Кэссельранд покачал головой.
– Нет, она не стала королевой, но ее власть была сильнее, чем у любого правителя в мире. Каждый правитель не уверен до конца, выполнят ли его волю, не отыщется ли каких-то препятствий, не строят ли за его спиной козни и интриги. Аредейла была уверена в своей власти над Вальгеллем, а значит, над всем Круаханом. Она знала, что если она лишит его возможности хотя бы изредка видеть ее, он будет в беспамятстве ползать возле дверей ее комнаты. Вначале ей было достаточно драгоценностей и красивых вещей, которыми ее окружил король. Но крылатые в общем-то равнодушны к золоту. А вот сознание того, что по одному твоему слову людей могут лишить должности и отправить в вечную ссылку, или, наоборот, вознести до необычайных высот самого неприметного из твоих соплеменников лишь за то, что он твой троюродный кузен, хотя ты сама с трудом вспоминаешь его имя, если ты можешь движением пальца начать войну, а потом также небрежно остановить ее – это было слишком сильным искушением. Душа Аредейлы не знала любви и привязанности, а настойчивые ласки Вальгелля порождали в ней только глухую ненависть. Почему кто-то еще должен быть счастлив, если она не знает счастья?
– Отчего она так и не полюбила его? – Набигэйль много раз слышала эту историю, но почему-то именно сейчас она разомкнула губы, подавшись вперед. – Разве он не отдал ей все, что у него было?
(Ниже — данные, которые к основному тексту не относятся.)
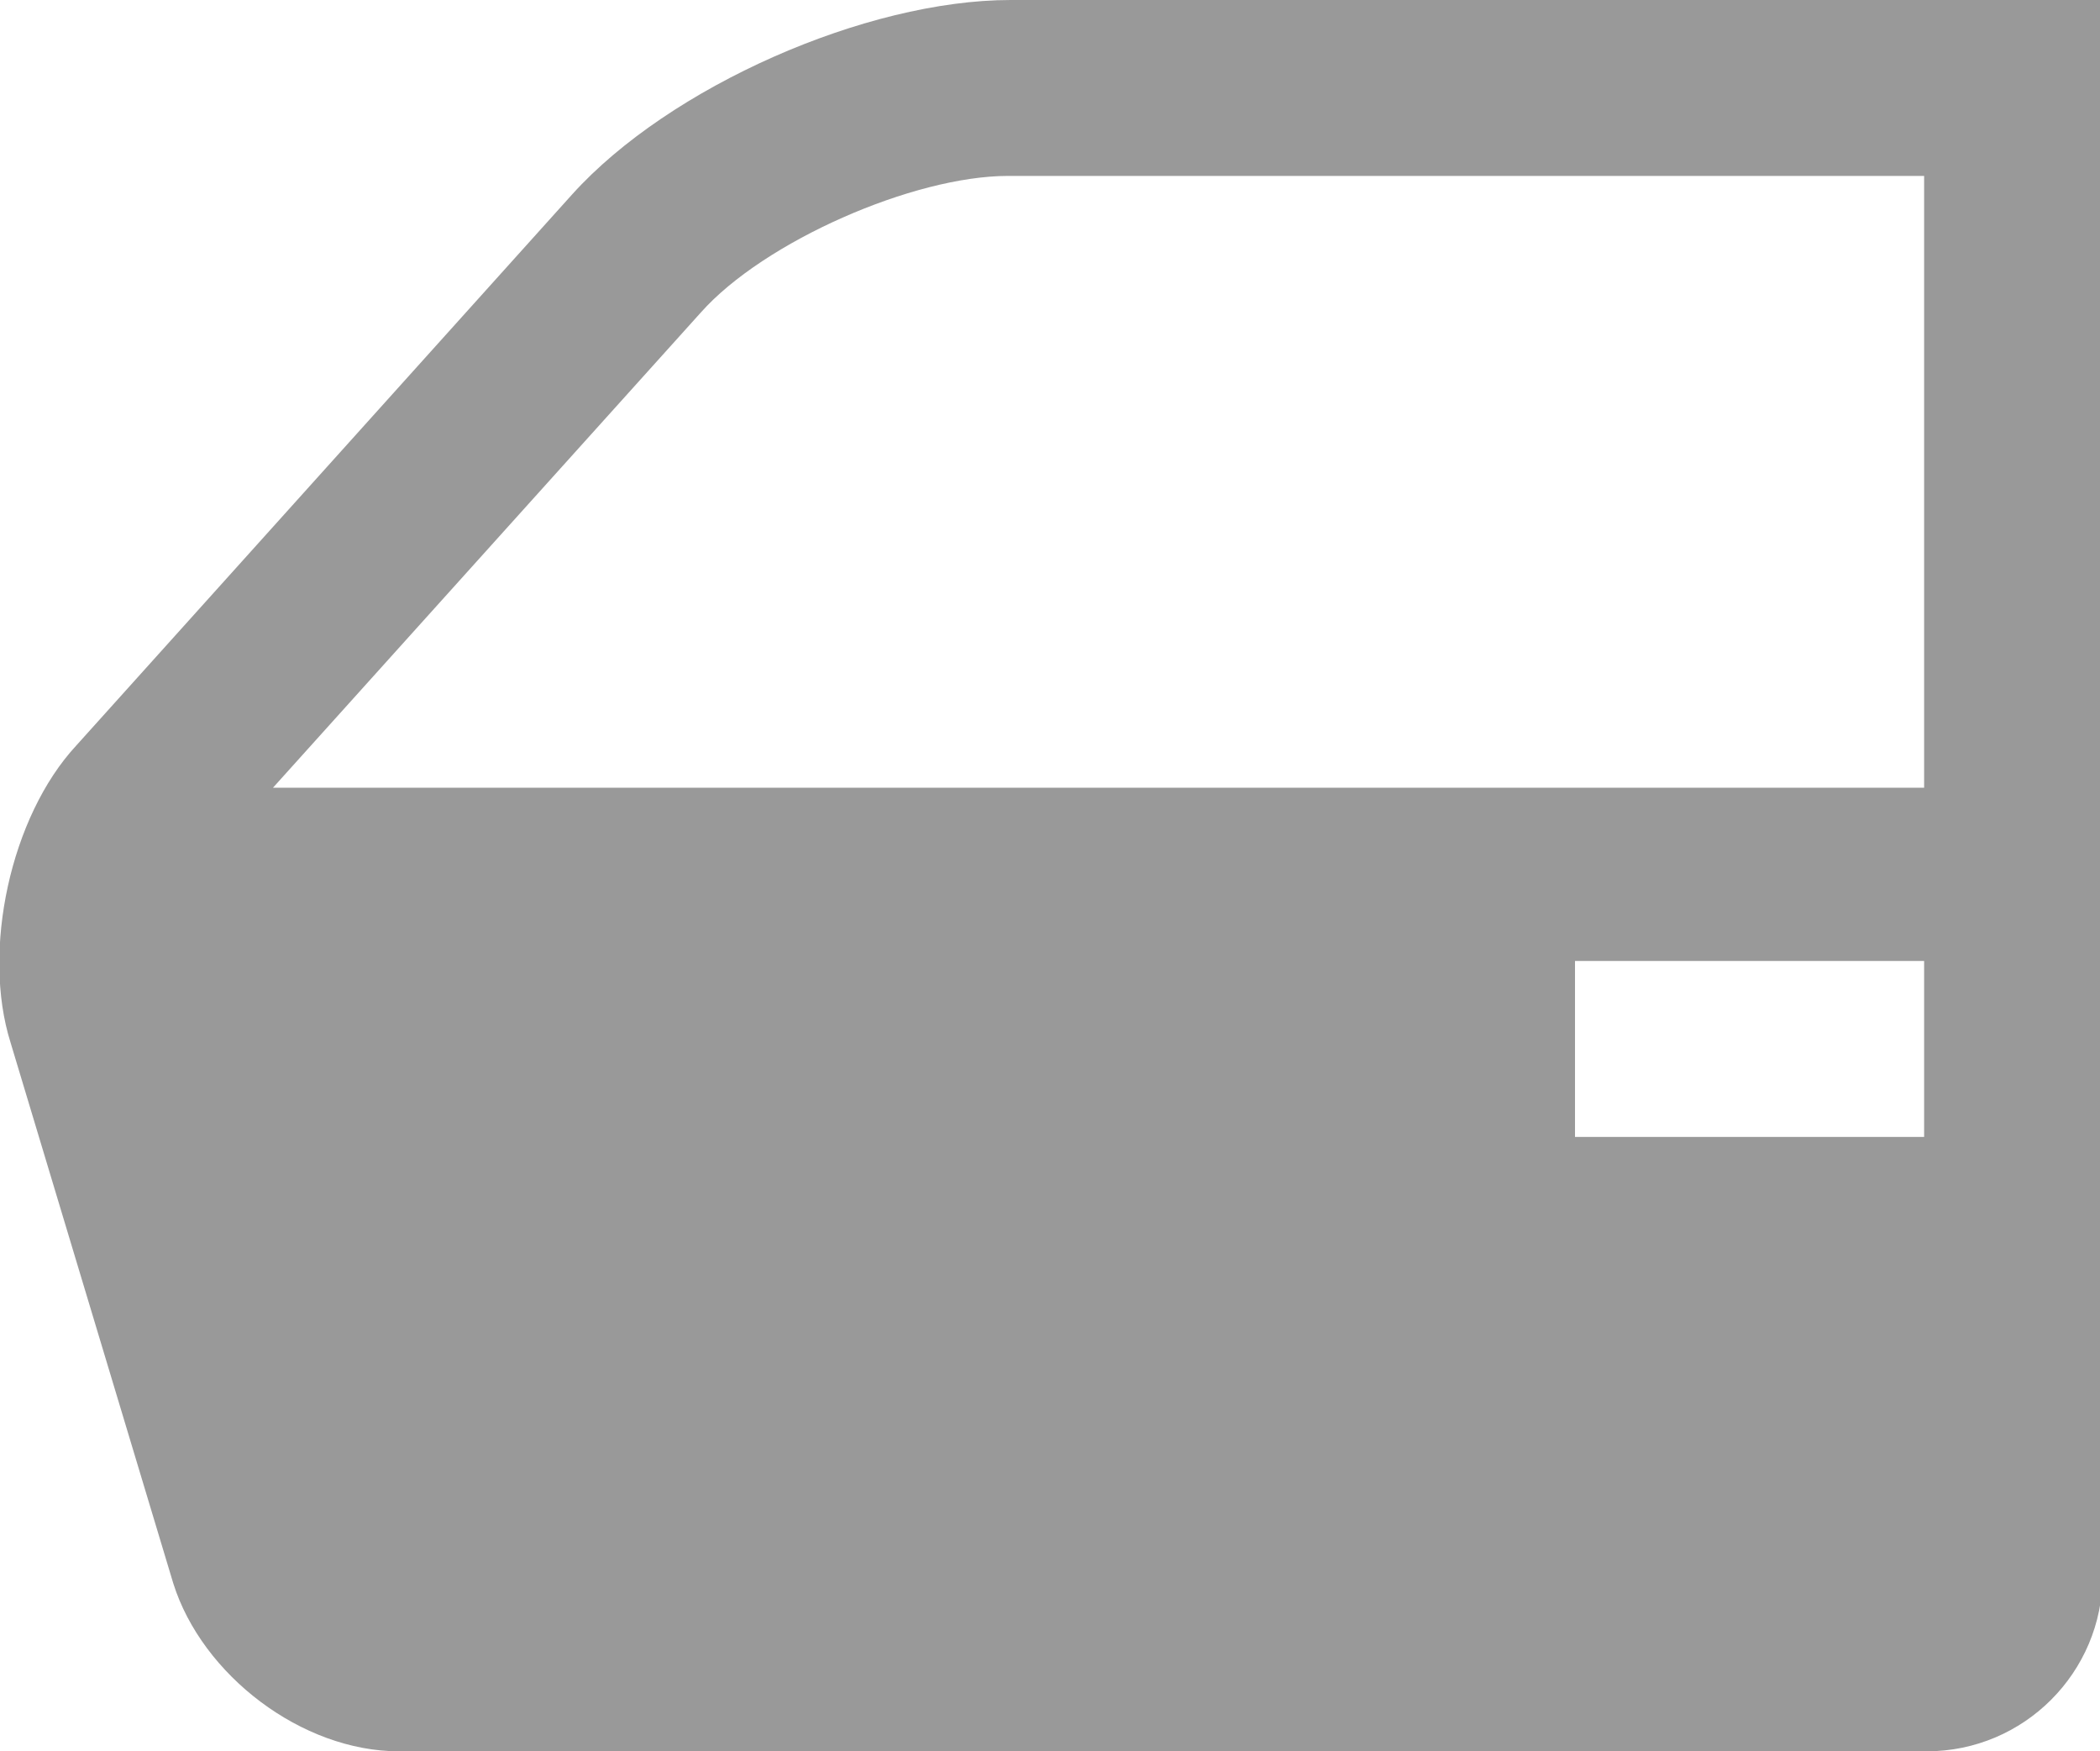 <?xml version="1.0" encoding="utf-8"?>
<!-- Generator: Adobe Illustrator 23.0.3, SVG Export Plug-In . SVG Version: 6.00 Build 0)  -->
<svg version="1.1" id="Layer_1" xmlns="http://www.w3.org/2000/svg" xmlns:xlink="http://www.w3.org/1999/xlink" x="0px" y="0px"
	 viewBox="0 0 80 66.7" style="enable-background:new 0 0 80 66.7;" xml:space="preserve">
<path style="fill: #999999;" d="M38.5,0c-5.5,0-13,3.3-16.7,7.4L2.9,28.4c-2.5,2.7-3.6,7.8-2.5,11.3l6.2,20.6c1.1,3.5,4.9,6.4,8.6,6.4h58.2
	c3.7,0,6.7-3,6.7-6.7V0H38.5z M73.3,43.3H60v-6.7h13.3V43.3z M73.3,30H10.4l16.3-18.1c2.4-2.7,8.1-5.2,11.7-5.2h34.9
	C73.3,6.7,73.3,30,73.3,30z"/>
</svg>

– Этого недостаточно даже для маленькой привязанности, Наби. Любовь почти никогда не бывает взаимной. Люди чаще задумываются о природе любви, чем мы, так вот, кто-то из людей сказал – один человек любит, а другой всего лишь разрешает себя любить. А наши мудрецы сказали бы так: и тот, и другой одинаково неразумны…
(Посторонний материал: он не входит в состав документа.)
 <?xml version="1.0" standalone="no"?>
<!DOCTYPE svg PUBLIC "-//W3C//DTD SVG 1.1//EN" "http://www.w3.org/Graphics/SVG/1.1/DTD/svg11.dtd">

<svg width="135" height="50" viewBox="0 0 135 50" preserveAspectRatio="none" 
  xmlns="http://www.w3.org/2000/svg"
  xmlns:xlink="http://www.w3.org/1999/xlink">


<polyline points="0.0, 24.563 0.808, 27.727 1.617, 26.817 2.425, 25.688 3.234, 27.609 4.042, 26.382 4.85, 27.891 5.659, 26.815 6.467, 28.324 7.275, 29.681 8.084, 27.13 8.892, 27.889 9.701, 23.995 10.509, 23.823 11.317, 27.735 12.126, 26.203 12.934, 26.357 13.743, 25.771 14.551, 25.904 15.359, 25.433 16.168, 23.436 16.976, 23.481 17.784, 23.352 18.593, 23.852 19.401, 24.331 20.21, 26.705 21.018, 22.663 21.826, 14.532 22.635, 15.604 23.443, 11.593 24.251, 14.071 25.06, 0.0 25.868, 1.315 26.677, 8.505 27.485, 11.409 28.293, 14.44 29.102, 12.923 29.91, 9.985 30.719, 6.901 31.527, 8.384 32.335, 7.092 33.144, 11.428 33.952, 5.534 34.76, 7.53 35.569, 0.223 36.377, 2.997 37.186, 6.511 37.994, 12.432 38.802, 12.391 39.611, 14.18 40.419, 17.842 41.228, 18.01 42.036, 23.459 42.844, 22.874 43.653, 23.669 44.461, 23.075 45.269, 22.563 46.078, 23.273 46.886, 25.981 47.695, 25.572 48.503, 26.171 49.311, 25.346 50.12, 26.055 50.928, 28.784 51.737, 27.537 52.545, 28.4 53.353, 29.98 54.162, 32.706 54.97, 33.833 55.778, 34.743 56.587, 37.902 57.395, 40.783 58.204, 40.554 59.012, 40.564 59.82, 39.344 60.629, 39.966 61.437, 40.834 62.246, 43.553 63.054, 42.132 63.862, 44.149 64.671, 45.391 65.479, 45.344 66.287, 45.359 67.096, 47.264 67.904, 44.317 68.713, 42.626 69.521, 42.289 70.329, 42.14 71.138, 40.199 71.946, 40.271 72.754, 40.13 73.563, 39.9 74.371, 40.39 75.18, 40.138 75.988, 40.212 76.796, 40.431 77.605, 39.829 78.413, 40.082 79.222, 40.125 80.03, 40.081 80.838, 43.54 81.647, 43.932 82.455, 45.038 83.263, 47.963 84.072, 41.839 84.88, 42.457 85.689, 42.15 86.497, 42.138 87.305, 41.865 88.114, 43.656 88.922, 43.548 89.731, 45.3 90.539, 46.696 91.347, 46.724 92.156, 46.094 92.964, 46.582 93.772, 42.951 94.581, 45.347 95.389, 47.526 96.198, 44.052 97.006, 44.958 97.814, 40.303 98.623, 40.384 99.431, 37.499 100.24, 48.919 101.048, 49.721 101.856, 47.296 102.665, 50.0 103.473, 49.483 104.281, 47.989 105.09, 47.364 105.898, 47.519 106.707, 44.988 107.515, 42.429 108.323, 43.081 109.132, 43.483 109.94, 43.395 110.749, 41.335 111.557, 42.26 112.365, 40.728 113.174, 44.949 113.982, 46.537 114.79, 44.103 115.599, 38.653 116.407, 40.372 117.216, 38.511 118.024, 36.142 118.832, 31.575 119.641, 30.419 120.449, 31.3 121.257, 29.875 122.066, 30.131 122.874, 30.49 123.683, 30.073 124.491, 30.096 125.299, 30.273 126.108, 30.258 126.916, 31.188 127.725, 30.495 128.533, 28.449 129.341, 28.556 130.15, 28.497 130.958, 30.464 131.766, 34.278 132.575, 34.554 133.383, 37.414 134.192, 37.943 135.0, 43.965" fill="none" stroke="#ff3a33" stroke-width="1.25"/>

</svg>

А любовь короля Вальгелля – думаю, что каждый из его подданных отдал бы половину своего состояния, чтобы избавить своего повелителя от нее. Надо отдать ему должное – некоторое время он сопротивлялся Аредейле. Он даже согласился взять в королевы маленькую дочь султана из Эбры, как настойчиво просили его людские советники. Их потомки до сих пор сидят на троне Круахана. Но свадьба лмшь добавила к его чувству к Аредейле безысходность и ощущение вины. Он стал позволять ей все, что бы она ни попросила. Любой из рода Дарренгар чувствовал себя в Круахане более безнаказанным, чем первые из королевских приближенных. Крылатые родственники Аредейлы могли все – отобрать приглянувшийся им замок, воткнуть нож в горло каждому, кто пытался им сказать хотя бы слово поперек. Видя проносящиеся над головой фигуры с развернутыми крыльями, все невольно втягивали голову в плечи и пытались поскорее убраться с дороги. Наверно, с тех пор крылатые считаются воплощением зла. Потом мы стерли имя Дарренгар из своих списков родословных, но это не сильно изменило отношение людей к нам.
– А дальше? – мрачно спросила Гвендолен, хмуря брови. Она начинала вспоминать, что Кэс уже рассказывал нечто подобное, но ей тогда это так не понравилось, что она постаралась максимально быстро все забыть.
– Дальше… – Кэссельранд помолчал. – Главным противником рода Аредейлы при дворе был старый канцлер и хранитель ключей Мэссин, личный друг короля. Легенды о его честности передавались из уст в уста, и поэтому никто не удивился, что в столице начались народные волнения, после того как канцлер был арестован и брошен в тюрьму по обвинению в расточительстве казны и взятках. Делегации всех сословий обивали пороги королевских покоев, чтобы добиться его помилования. Но Вальгелль был непоколебим. Через два месяца Мэссин в последний раз посмотрел на ослепительно белое солнце со своей плахи на главной площади Круахана. Прямо напротив в наспех сколоченной ложе сидела Аредейла, сложив на плечах серебристые крылья, как плащ, и торжествующе улыбалась.